Friends, Phones, and Relationships REVIEWING Call Waiting

Welcome to The Real World According To Sam!! This is the fifth Halloween 2020 post. All month long, every day, I will be reviewing or showcasing different books I think may be good for the Halloween season.

 Call Waiting

Author: R. L. Stine
Genre: YA Horror/Mystery Thriller
Year: 1994


Call Waiting

Synopsis:

Someone wants to talk to Karen badly. Very badly. Someone who has something very special to say. 

Someone is calling Karen to say they care. To tell her the plans they've made just for her. Someone wants to reach out. Touch her. Kill her.

Poor Karen. She's all alone this time.

And if Karen can't trace the killer caller...Karen's going to die.

Review:

Call Waiting is another YA book by R. L. Stine. This one is not a Fear Street novel. It's just a casual, stand-alone mystery thriller, with light horror elements. It is the story of Karen, a teenage girl. She's your average teenager. She has a boyfriend, a best friend, and she really wants attention. Particularly, she wants to keep the attention of her boyfriend, Ethan. 

At the start of this book, Karen is having a stake-out with her best friend, Micah. Karen is worried her boyfriend is losing interest in her and cheating on her with a popular girl from school named Wendy. To try and find out, the two of them are sitting in Karen's car, waiting to see if Ethan pulls up to his house at the appropriate time he is supposed to get off work. Afterwards, she still isn't convinced, but she also begins to receive creepy phone calls. The caller tells her he is going to hurt her, so she repeatedly calls Ethan over when this happens. Who is doing this? Is it her strange cousin who just moved back into town? Her prankster of a brother? Or is it someone else who seriously wants to hurt Karen? 

This one....is interesting. While the premise seems incredibly creepy, the actual execution of this book ends up anything but. The mystery gets solved in a way that isn't inherently predictable, but is definitely something worth shaking your head at. The amount of focus and effort that Karen exerts on trying to keep Ethan is absurd. There are several mishaps that occur in this book and every single one is more ridiculous than the last. This one really never fully gets to a level of horror that Stine's books tend to. It does get pretty scary in terms of what these teenagers are capable of doing though. Honestly, many points of this book are just incredibly laughable. Karen doesn't really have a personality, until she starts to potentially lose her mind a bit. Micah is also as bland as characters come. Ethan is not a very interesting boy, much less a romantic interest for the main character to a certain extent. I do slightly applaud his dedication by the end of the book, but that applause is largely overshadowed by the numerous problems this book has. Most of which lie with the main character. 

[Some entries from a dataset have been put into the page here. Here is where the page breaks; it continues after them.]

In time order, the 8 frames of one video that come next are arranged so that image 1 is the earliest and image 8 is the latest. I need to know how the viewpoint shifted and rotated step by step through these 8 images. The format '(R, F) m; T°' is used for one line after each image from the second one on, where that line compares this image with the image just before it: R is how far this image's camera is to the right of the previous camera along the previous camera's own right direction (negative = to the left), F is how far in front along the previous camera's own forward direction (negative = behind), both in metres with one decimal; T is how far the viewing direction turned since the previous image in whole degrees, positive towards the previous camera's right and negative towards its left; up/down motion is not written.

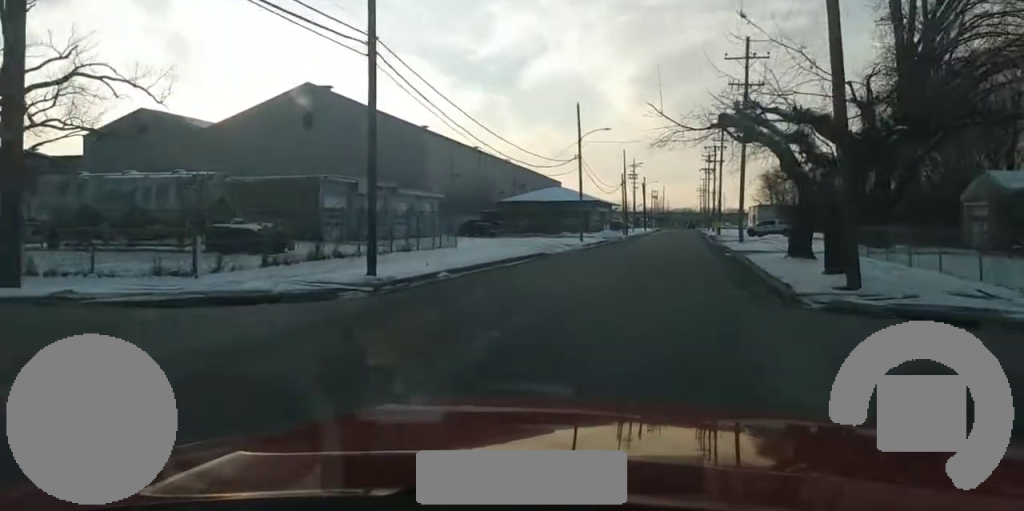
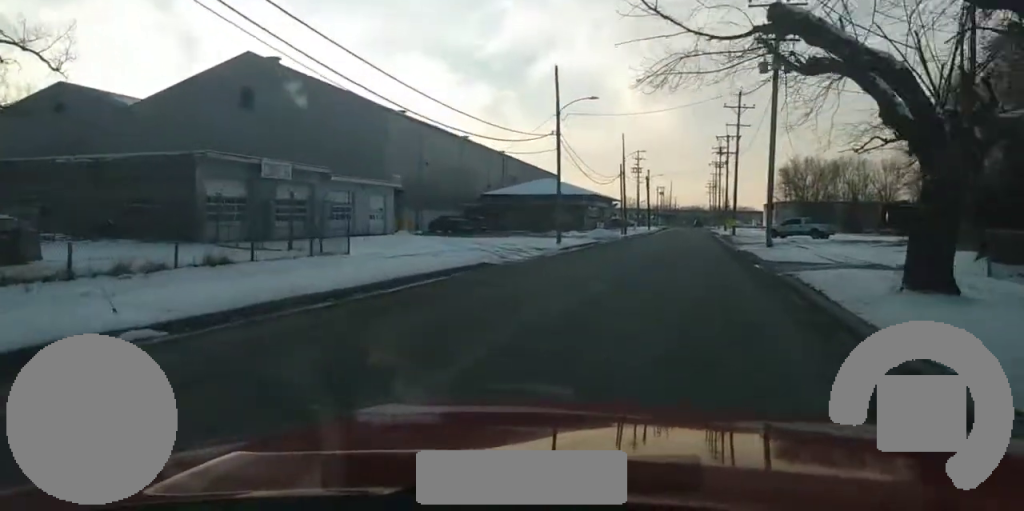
(0.0, +14.0) m; 0°
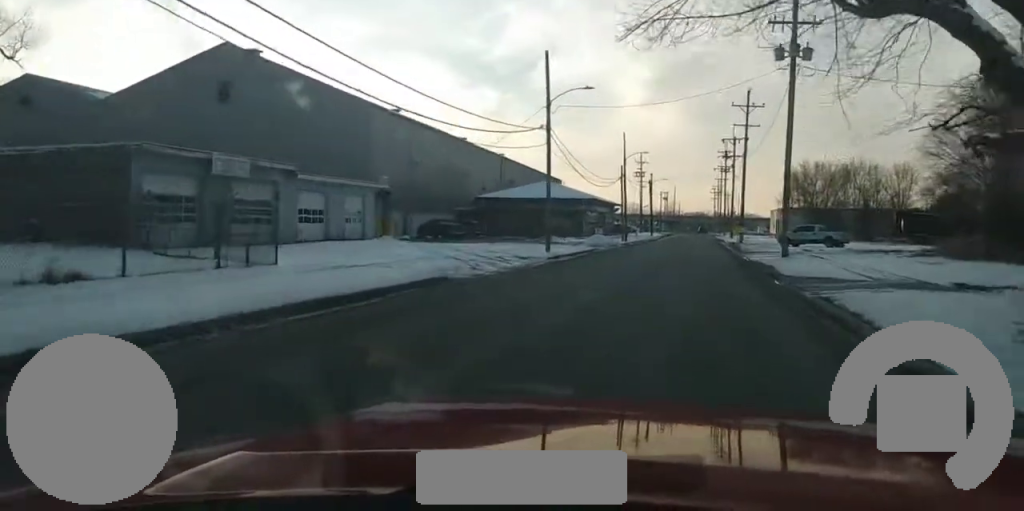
(0.0, +5.3) m; +1°
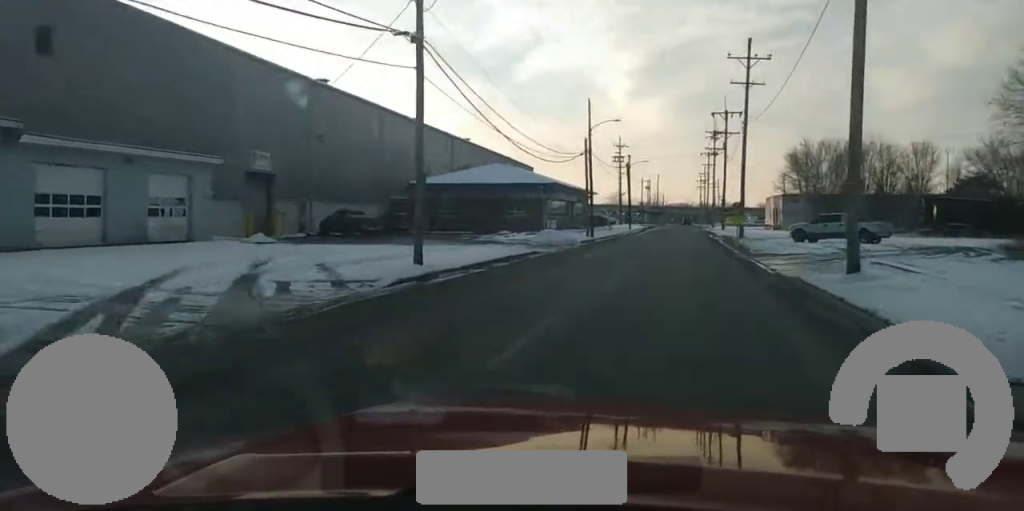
(+0.3, +19.1) m; 0°
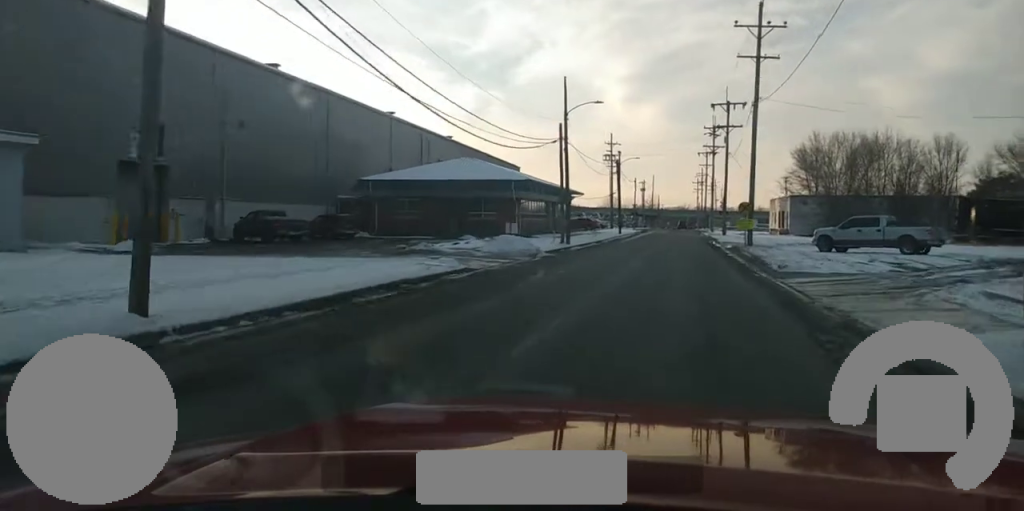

Karen is bland, seemingly edging towards mentally unstable at times. As a genuine horror novel, this book fails epically. However, I almost don't feel like this is meant to be a genuine horror novel. This book feels like a satire. It feels like a parody of YA horror and teenage drama. If viewed from that perspective, this book is fantastic, precisely because it is bad. Karen is ridiculous, Micah is ridiculous, Ethan is a cookie cutter boyfriend, and the wrap-up is so random, but fitting. This feels like a very bad 90s teen drama. There is no way this is meant to be an intentional mystery or horror thriller. This has to be a parody of 90s teen horror drama ideas. This must be an over-the-top caricature of the genre. I honestly refuse to accept it as anything other than that. This book is just...not good, from a standard viewpoint. It's atrocious. It preys upon the idea of the stereotypical boy crazy, obsessive teenage girl. This takes that concept and pushes it as far as it possibly can into the realm of absurdity. The twist was a bit predictable, but how far it goes definitely was not. The ending also was not what I expected, since I honestly thought that all of these people were just going to be completely done with each other by that point.  

Overall, Call Waiting requires two different ratings. It is a very...interesting book that is either atrociously bad, or hilariously good. If we view it as a flat up horror/thriller, then I give it a Lone Star rating of ✯✯. There are so many issues with this one after it started off decently fine. The girls basically seemed normal, albeit boring, up until a few chapters in. Now, if you take the alternative view of this book, as a satirical parody of 90s teenage drama, then I give Call Waiting a Lone Star rating of ✯✯. From that view, it is so absurd it's laughable. It is the same kind of fun as a B-rate movie. You know it's bad, but you enjoy it specifically because it is bad in just the right ways to make you laugh. If you're willing to not take this one seriously, you might actually have fun with it, but I definitely would not recommend it. This one is a book that most people can--and probably should--pass up. 


This concludes another review here at The Real World According To Sam, where I bring the books straight to your screen and even provide my own two cents about them. See you tomorrow!